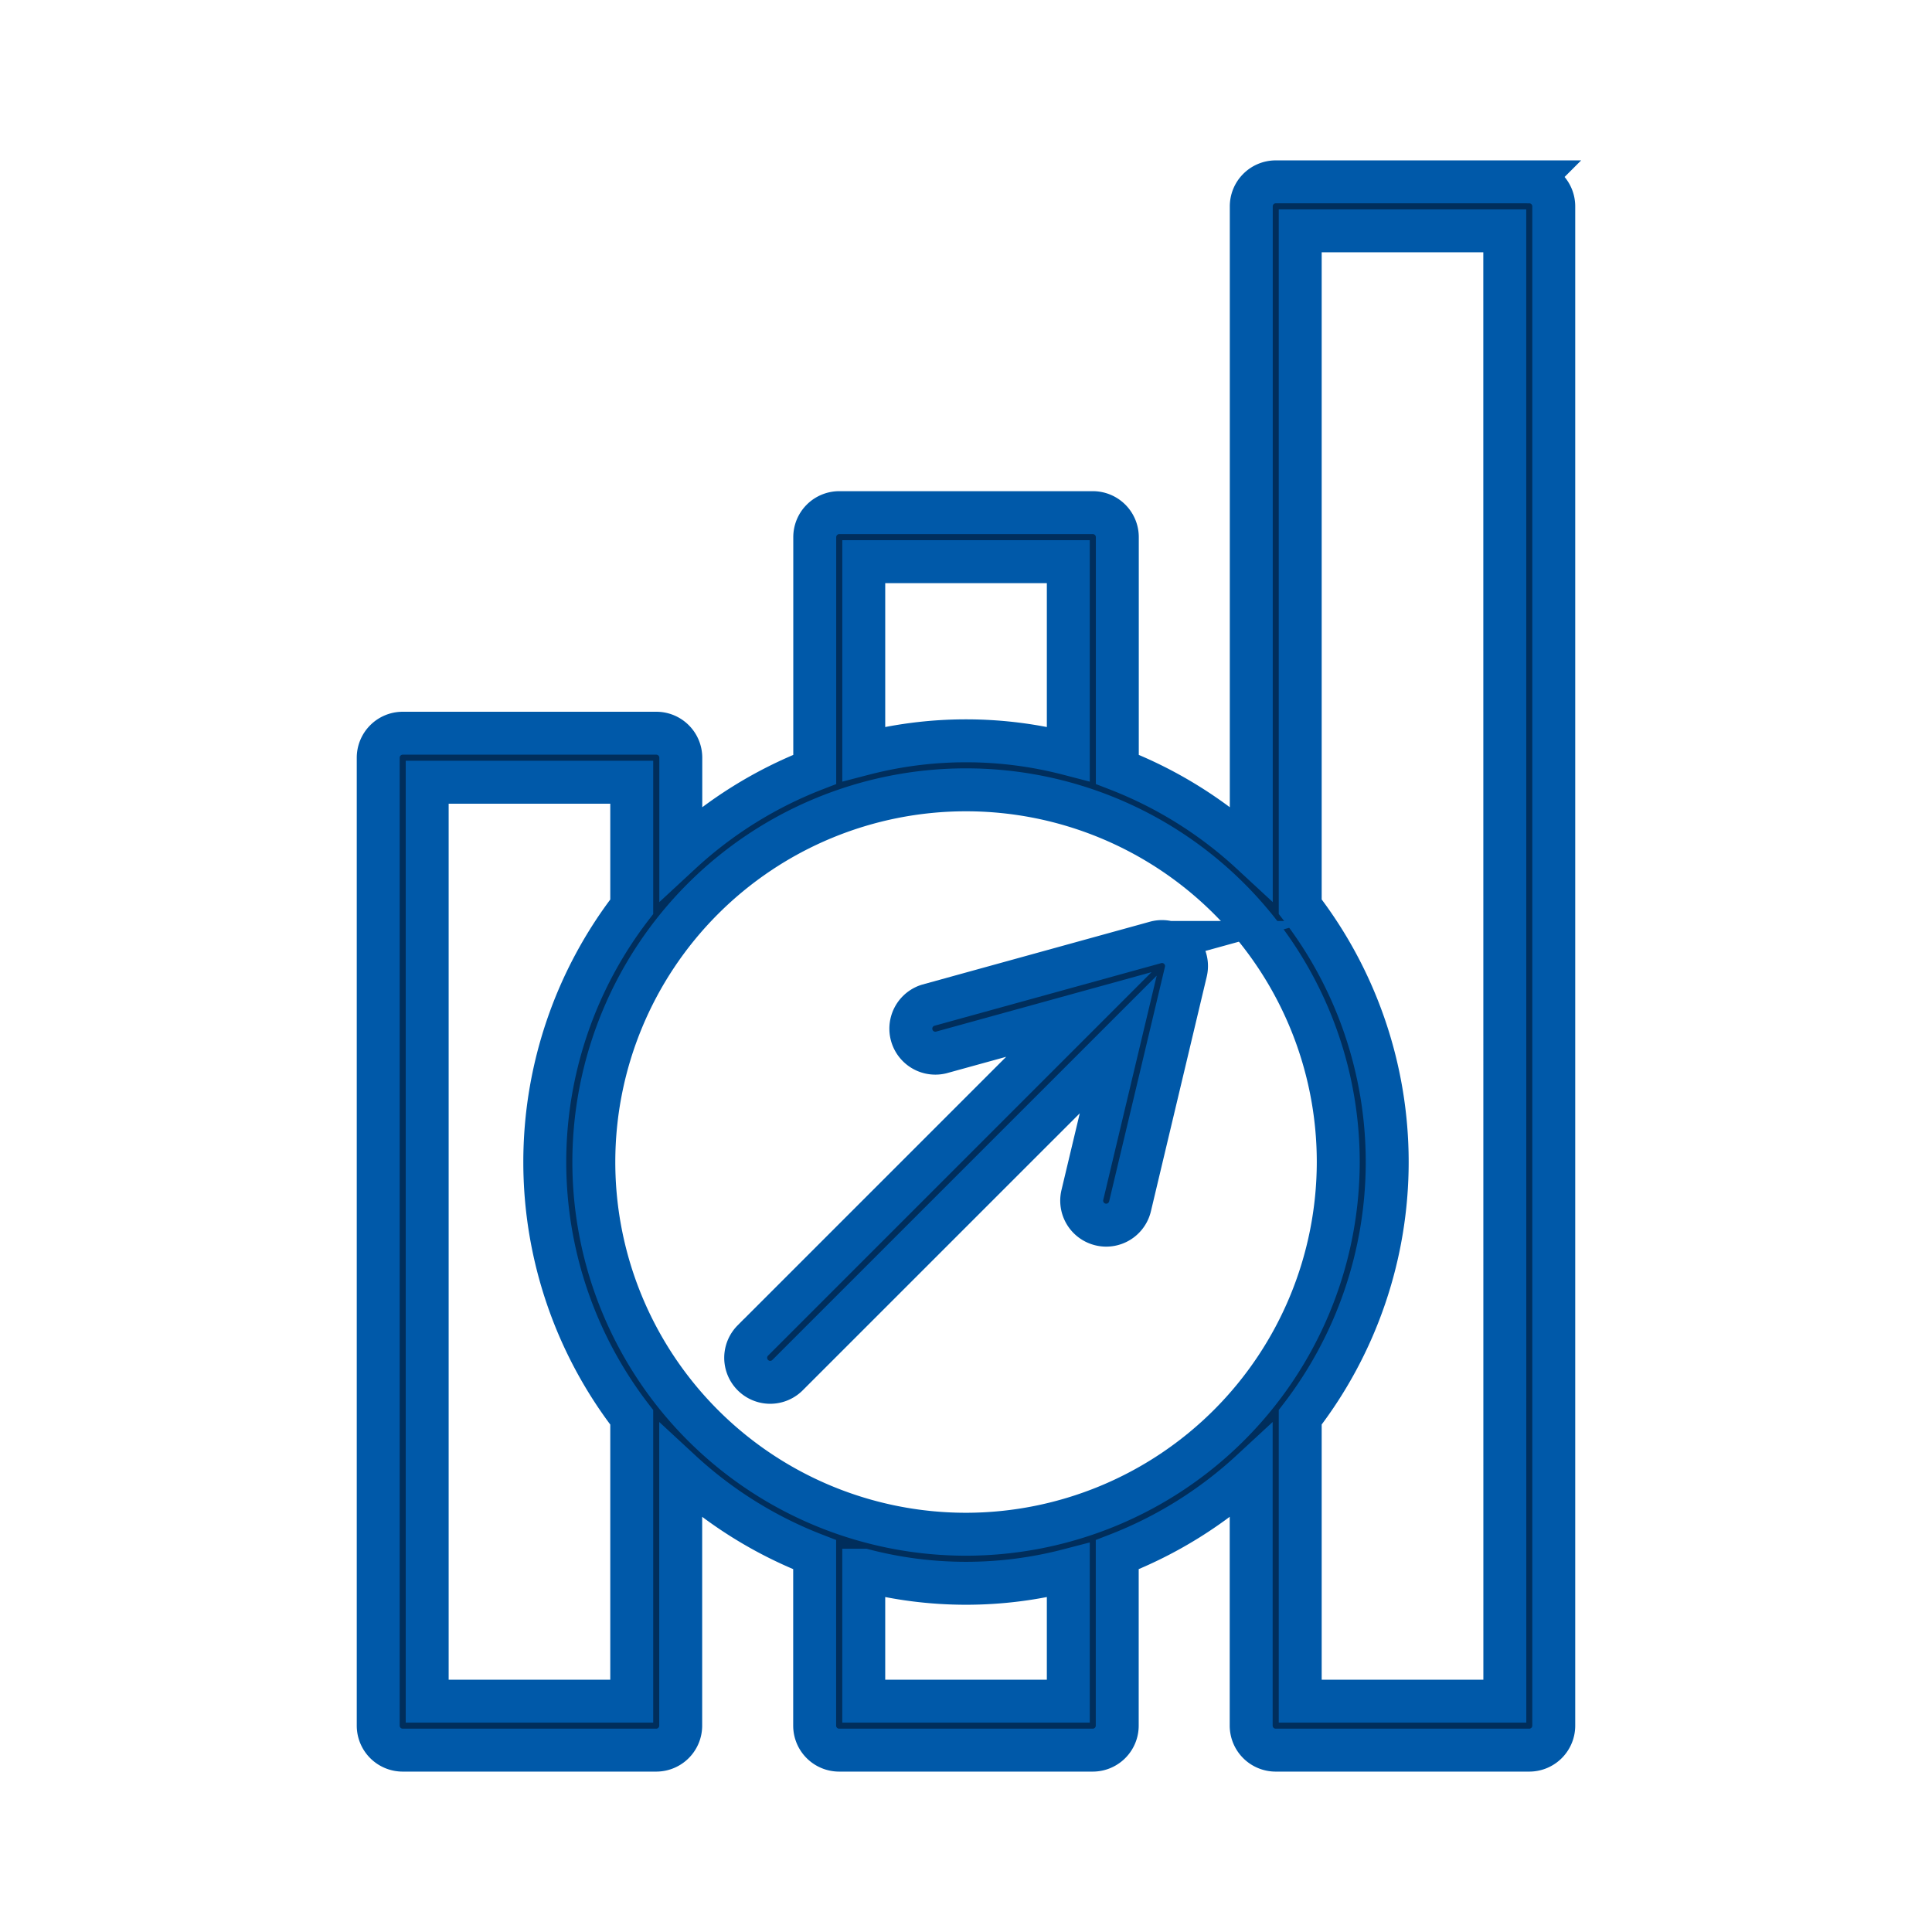 <?xml version="1.0" encoding="utf-8"?>
<svg xmlns="http://www.w3.org/2000/svg" width="90" height="90" viewBox="0 0 90 90">
    <g data-name="Group 319-inner">
        <path data-name="Path 817" d="M70.101 79.246h-9.532V66.023a19.48 19.48 0 000-23.787V10.753h9.529zm-25.1-7.775a17.339 17.339 0 1117.34-17.339 17.359 17.359 0 01-17.34 17.339m4.765 7.775h-9.529v-6.1a18.931 18.931 0 009.529 0zm-29.866 0V36.439h9.529v5.8a19.485 19.485 0 000 23.787v13.22zm20.337-53.081h9.529v8.954a18.938 18.938 0 00-9.529 0zM71.243 8.471H59.431a1.142 1.142 0 00-1.142 1.141v30.122a19.611 19.611 0 00-6.24-3.895V25.023a1.141 1.141 0 00-1.141-1.142H39.095a1.142 1.142 0 00-1.141 1.142V35.84a19.622 19.622 0 00-6.24 3.895v-4.438a1.141 1.141 0 00-1.141-1.141H18.76a1.141 1.141 0 00-1.141 1.141v45.09a1.141 1.141 0 001.141 1.141h11.809a1.141 1.141 0 001.141-1.141V68.529a19.617 19.617 0 006.24 3.894v7.964a1.141 1.141 0 001.141 1.141h11.813a1.141 1.141 0 001.141-1.141v-7.964a19.623 19.623 0 006.24-3.894v11.858a1.142 1.142 0 001.142 1.141h11.812a1.141 1.141 0 001.141-1.141V9.613a1.141 1.141 0 00-1.141-1.141" fill="#002e5c"/>
        <path data-name="Path 818" d="M70.101 79.246h-9.532V66.023a19.48 19.48 0 000-23.787V10.753h9.529zm-25.1-7.775a17.339 17.339 0 1117.34-17.339 17.359 17.359 0 01-17.34 17.339zm4.765 7.775h-9.529v-6.1a18.931 18.931 0 009.529 0zm-29.866 0V36.439h9.529v5.8a19.485 19.485 0 000 23.787v13.22zm20.337-53.081h9.529v8.954a18.938 18.938 0 00-9.529 0zM71.243 8.471H59.431a1.142 1.142 0 00-1.142 1.141v30.122a19.611 19.611 0 00-6.24-3.895V25.023a1.141 1.141 0 00-1.141-1.142H39.095a1.142 1.142 0 00-1.141 1.142V35.84a19.622 19.622 0 00-6.24 3.895v-4.438a1.141 1.141 0 00-1.141-1.141H18.76a1.141 1.141 0 00-1.141 1.141v45.09a1.141 1.141 0 001.141 1.141h11.809a1.141 1.141 0 001.141-1.141V68.529a19.617 19.617 0 006.24 3.894v7.964a1.141 1.141 0 001.141 1.141h11.813a1.141 1.141 0 001.141-1.141v-7.964a19.623 19.623 0 006.24-3.894v11.858a1.142 1.142 0 001.142 1.141h11.812a1.141 1.141 0 001.141-1.141V9.613a1.141 1.141 0 00-1.138-1.141z" fill="none" stroke="#0059a9" stroke-miterlimit="10" stroke-width="2"/>
        <path data-name="Path 819" d="M53.828 43.903l-10.6 2.927a1.142 1.142 0 00.608 2.2l6.422-1.772-15.191 15.191a1.142 1.142 0 001.615 1.615l15.41-15.409-1.671 7.011a1.14 1.14 0 00.845 1.375 1.123 1.123 0 00.266.032 1.142 1.142 0 001.109-.878l2.6-10.927a1.141 1.141 0 00-1.415-1.365" fill="#002e5c"/>
        <path data-name="Path 820" d="M53.828 43.903l-10.6 2.927a1.142 1.142 0 00.608 2.2l6.422-1.772-15.191 15.191a1.142 1.142 0 001.615 1.615l15.41-15.409-1.671 7.011a1.14 1.14 0 00.845 1.375 1.123 1.123 0 00.266.032 1.142 1.142 0 001.109-.878l2.6-10.927a1.141 1.141 0 00-1.415-1.365z" fill="none" stroke="#0059a9" stroke-miterlimit="10" stroke-width="2"/>
    </g>
    <path data-name="Group 319-area" fill="none" d="M0 0h90v90H0z"/>
</svg>

--

_Exercise requirements:_ Go through the records above and copy each line where "Group" is found.

_Completed exercise:_
    <g data-name="Group 319-inner">
    <path data-name="Group 319-area" fill="none" d="M0 0h90v90H0z"/>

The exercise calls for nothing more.